* [Task to complete] Instruction for the data below: set down exactly the lines from the line with "Q: How is the paragraph aligned? A: Right-aligned." to the line with "Q: Is the spacing between lines", inclusive, and no others.
++++++++++
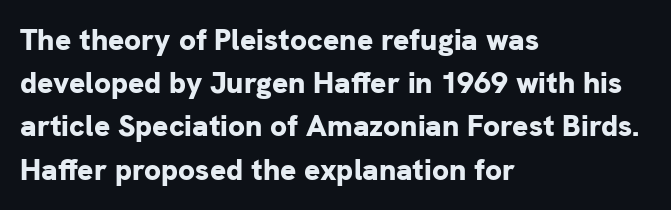
The image shows 30 px bold sans-serif type, upright; set left-aligned, normal line spacing (1.44x), normal letter spacing, not underlined; low stroke contrast and a medium x-height.
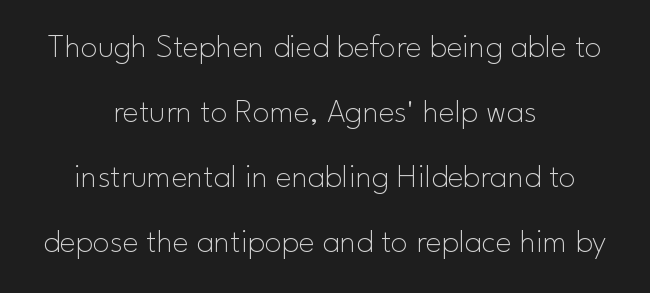
{"serif": "no", "italic": "no", "bold": "no", "weight": "thin", "width": "normal", "stroke_contrast": "low", "x_height": "small", "monospaced": "no", "underline": "no", "align": "center", "line_spacing": "loose", "line_spacing_ratio": 1.91, "letter_spacing": "normal", "letter_spacing_em": 0.0, "glyph_px": 34}
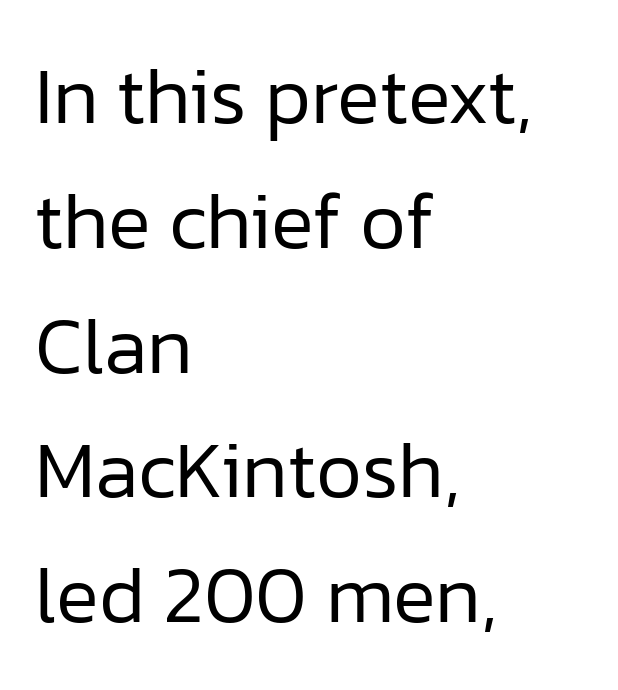
{"serif": "no", "italic": "no", "bold": "no", "weight": "regular", "width": "normal", "stroke_contrast": "low", "x_height": "medium", "monospaced": "no", "underline": "no", "align": "left", "line_spacing": "normal", "line_spacing_ratio": 1.56, "letter_spacing": "normal", "letter_spacing_em": 0.0, "glyph_px": 80}
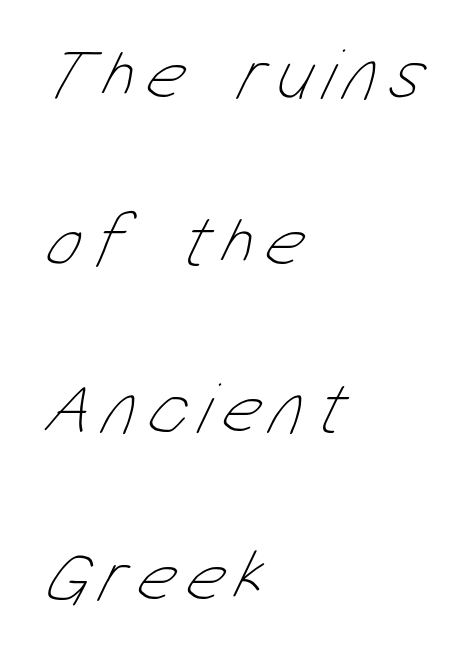
{"bold": "no", "weight": "thin", "width": "condensed", "stroke_contrast": "low", "x_height": "medium", "monospaced": "no", "underline": "no", "align": "left", "line_spacing": "loose", "line_spacing_ratio": 2.26, "glyph_px": 74}
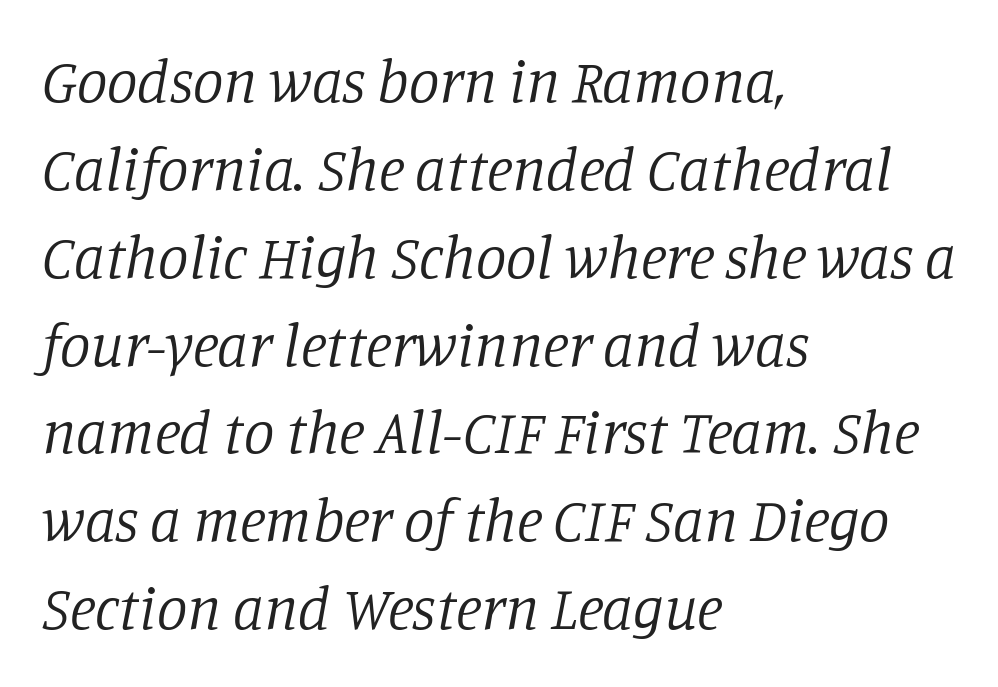
{"serif": "yes", "italic": "yes", "lean": "right", "slant_degrees": 11, "bold": "no", "weight": "regular", "width": "normal", "stroke_contrast": "low", "x_height": "large", "monospaced": "no", "underline": "no", "align": "left", "line_spacing": "normal", "line_spacing_ratio": 1.44, "letter_spacing": "normal", "letter_spacing_em": 0.0, "glyph_px": 61}
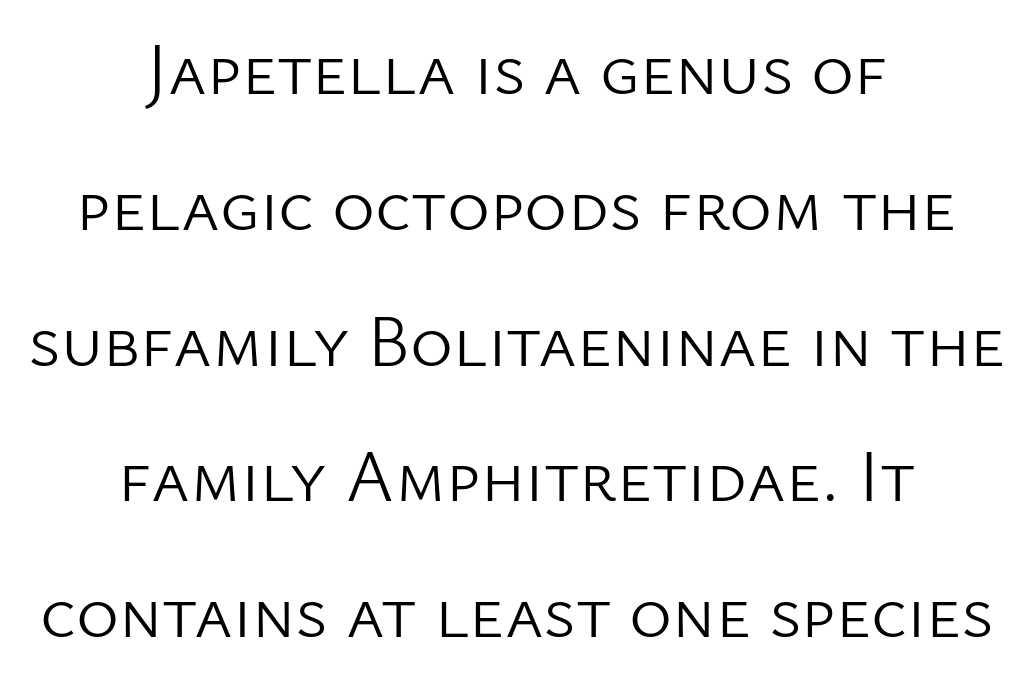
{"serif": "no", "italic": "no", "bold": "no", "weight": "light", "width": "normal", "stroke_contrast": "low", "x_height": "medium", "monospaced": "no", "underline": "no", "align": "center", "line_spacing_ratio": 1.86, "letter_spacing": "normal", "letter_spacing_em": 0.0, "glyph_px": 73}
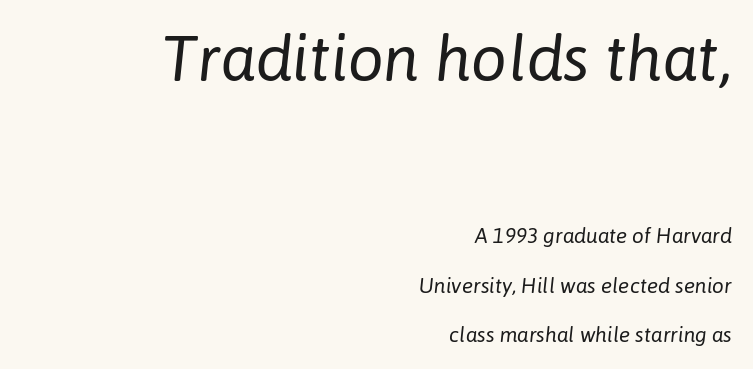
Q: Is the text bold? A: No.
Q: Is the text italic (slanted)? A: Yes, it leans right by about 6 degrees.
Q: Is the text underlined? A: No.
Q: How is the paragraph aligned? A: Right-aligned.
Q: Is the spacing between letters normal or unusually wide? A: Normal.
Q: Is the spacing between lines tight, normal or loose? A: Loose.
Q: Which block of text is set in a larger size, the first (top) or the second (bottom)? A: The first (top) one.
Q: Width (condensed, normal, or wide)? A: Normal.
Q: Stroke contrast? A: Low.
Q: x-height? A: Medium.
Q: Monospaced? A: No.
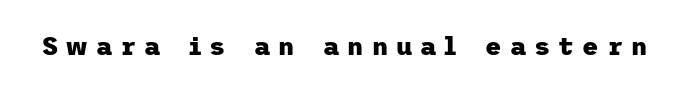
The type is letterspaced generously, with wide tracking. The axis of the letterforms is exactly vertical. Quick note: underline off. These words are printed bold, with thick strokes throughout.
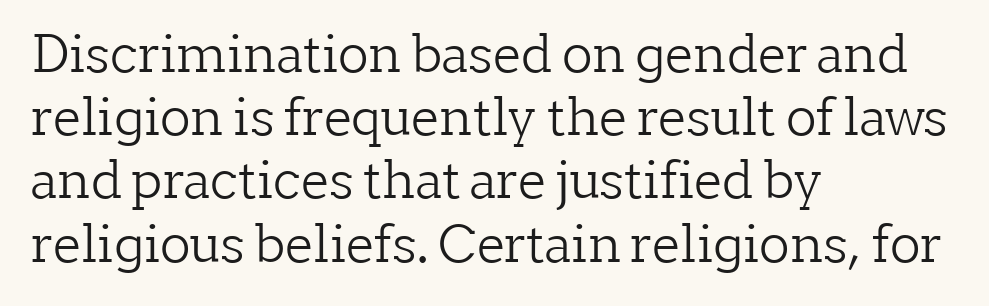
Q: Is the text bold? A: No.
Q: Is the text italic (slanted)? A: No, it is upright.
Q: Is the typeface a serif or a sans-serif typeface? A: Serif.
Q: Is the text underlined? A: No.
Q: How is the paragraph aligned? A: Left-aligned.
Q: Is the spacing between letters normal or unusually wide? A: Normal.
Q: Width (condensed, normal, or wide)? A: Normal.
Q: Stroke contrast? A: Low.
Q: x-height? A: Medium.
Q: Monospaced? A: No.
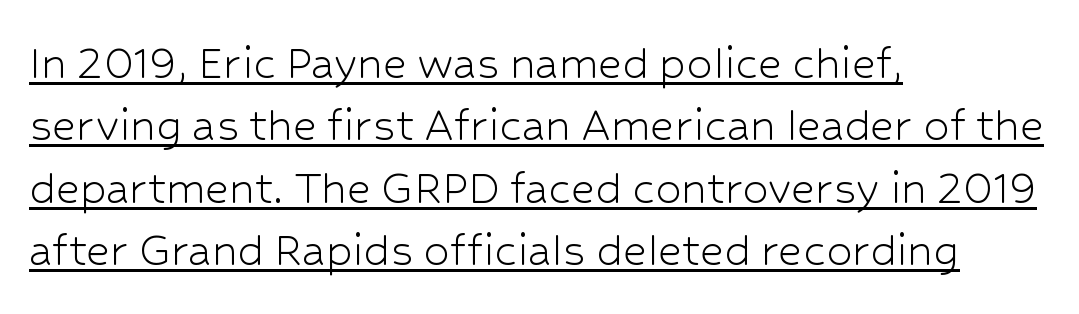
{"serif": "no", "italic": "no", "bold": "no", "weight": "light", "width": "normal", "stroke_contrast": "low", "x_height": "medium", "monospaced": "no", "underline": "yes", "align": "left", "line_spacing_ratio": 1.2, "letter_spacing": "normal", "letter_spacing_em": 0.0, "glyph_px": 52}
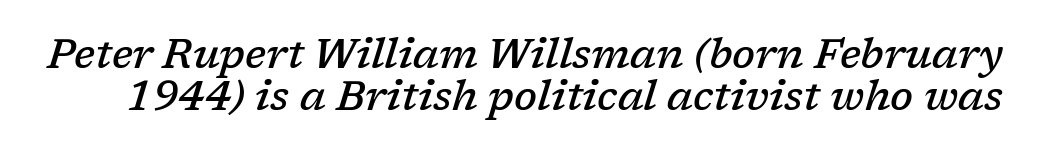
{"serif": "yes", "italic": "yes", "lean": "right", "slant_degrees": 17, "bold": "semi", "weight": "semibold", "width": "normal", "stroke_contrast": "low", "x_height": "medium", "monospaced": "no", "underline": "no", "line_spacing": "tight", "line_spacing_ratio": 1.02, "letter_spacing": "normal", "letter_spacing_em": 0.0, "glyph_px": 41}
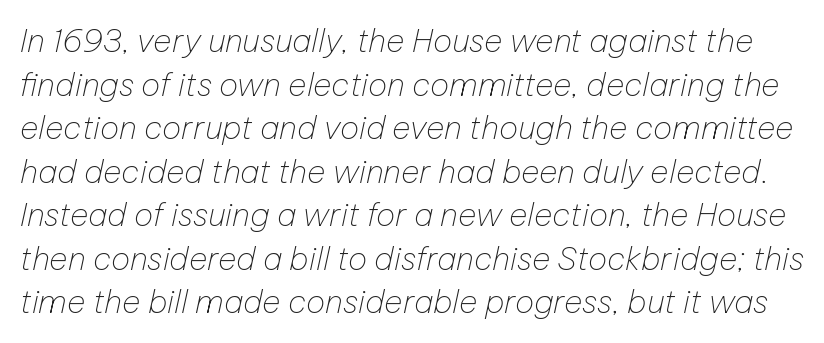
Looks like regular typesetting: each glyph gets only the width it needs. The space between consecutive lines is moderate. The gap between lines stays unmarked. Does the lettering tilt? It does — this is italic.
++++++++++
* [Response below]
Q: How is the paragraph aligned? A: Right-aligned.
Q: Is the spacing between letters normal or unusually wide? A: Normal.
Q: Is the spacing between lines tight, normal or loose? A: Loose.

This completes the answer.